Task description » The lines from the start of the records below through the line containing "Its self-contained STEP" are to be copied exactly, both ends included, with nothing added.

───── Source information ─────

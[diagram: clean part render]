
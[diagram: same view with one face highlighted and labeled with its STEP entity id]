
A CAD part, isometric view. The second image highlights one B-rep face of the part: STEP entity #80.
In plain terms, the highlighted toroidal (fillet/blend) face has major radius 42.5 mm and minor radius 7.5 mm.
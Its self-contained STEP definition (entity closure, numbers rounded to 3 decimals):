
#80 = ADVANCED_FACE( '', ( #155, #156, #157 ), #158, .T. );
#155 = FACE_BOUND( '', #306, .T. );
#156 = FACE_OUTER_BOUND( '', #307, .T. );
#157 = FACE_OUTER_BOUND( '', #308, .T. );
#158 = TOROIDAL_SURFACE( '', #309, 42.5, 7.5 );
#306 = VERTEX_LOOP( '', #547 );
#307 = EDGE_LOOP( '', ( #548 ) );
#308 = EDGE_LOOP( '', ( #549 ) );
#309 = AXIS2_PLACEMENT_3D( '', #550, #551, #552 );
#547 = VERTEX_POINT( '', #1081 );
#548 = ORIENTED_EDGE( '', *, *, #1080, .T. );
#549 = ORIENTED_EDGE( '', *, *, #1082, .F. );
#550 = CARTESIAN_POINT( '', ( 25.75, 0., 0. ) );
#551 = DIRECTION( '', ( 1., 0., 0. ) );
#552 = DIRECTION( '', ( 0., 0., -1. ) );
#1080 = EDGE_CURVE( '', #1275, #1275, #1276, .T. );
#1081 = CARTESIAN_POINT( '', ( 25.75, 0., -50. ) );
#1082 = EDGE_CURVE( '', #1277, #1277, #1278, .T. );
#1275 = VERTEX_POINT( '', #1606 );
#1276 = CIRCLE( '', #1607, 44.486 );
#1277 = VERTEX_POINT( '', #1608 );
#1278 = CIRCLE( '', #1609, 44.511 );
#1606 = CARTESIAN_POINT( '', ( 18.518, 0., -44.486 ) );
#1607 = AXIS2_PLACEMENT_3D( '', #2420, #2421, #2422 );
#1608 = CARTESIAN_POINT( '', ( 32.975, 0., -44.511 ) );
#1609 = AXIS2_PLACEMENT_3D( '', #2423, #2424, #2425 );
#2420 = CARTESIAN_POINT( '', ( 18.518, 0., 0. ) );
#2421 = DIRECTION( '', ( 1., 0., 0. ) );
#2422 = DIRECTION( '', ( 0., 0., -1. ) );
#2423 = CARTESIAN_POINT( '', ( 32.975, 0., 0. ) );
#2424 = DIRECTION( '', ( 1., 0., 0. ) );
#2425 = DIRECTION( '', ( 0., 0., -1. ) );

─────

Response »
[diagram: clean part render]
[diagram: same view with one face highlighted and labeled with its STEP entity id]
A CAD part, isometric view. The second image highlights one B-rep face of the part: STEP entity #80.
In plain terms, the highlighted toroidal (fillet/blend) face has major radius 42.5 mm and minor radius 7.5 mm.
Its self-contained STEP definition (entity closure, numbers rounded to 3 decimals):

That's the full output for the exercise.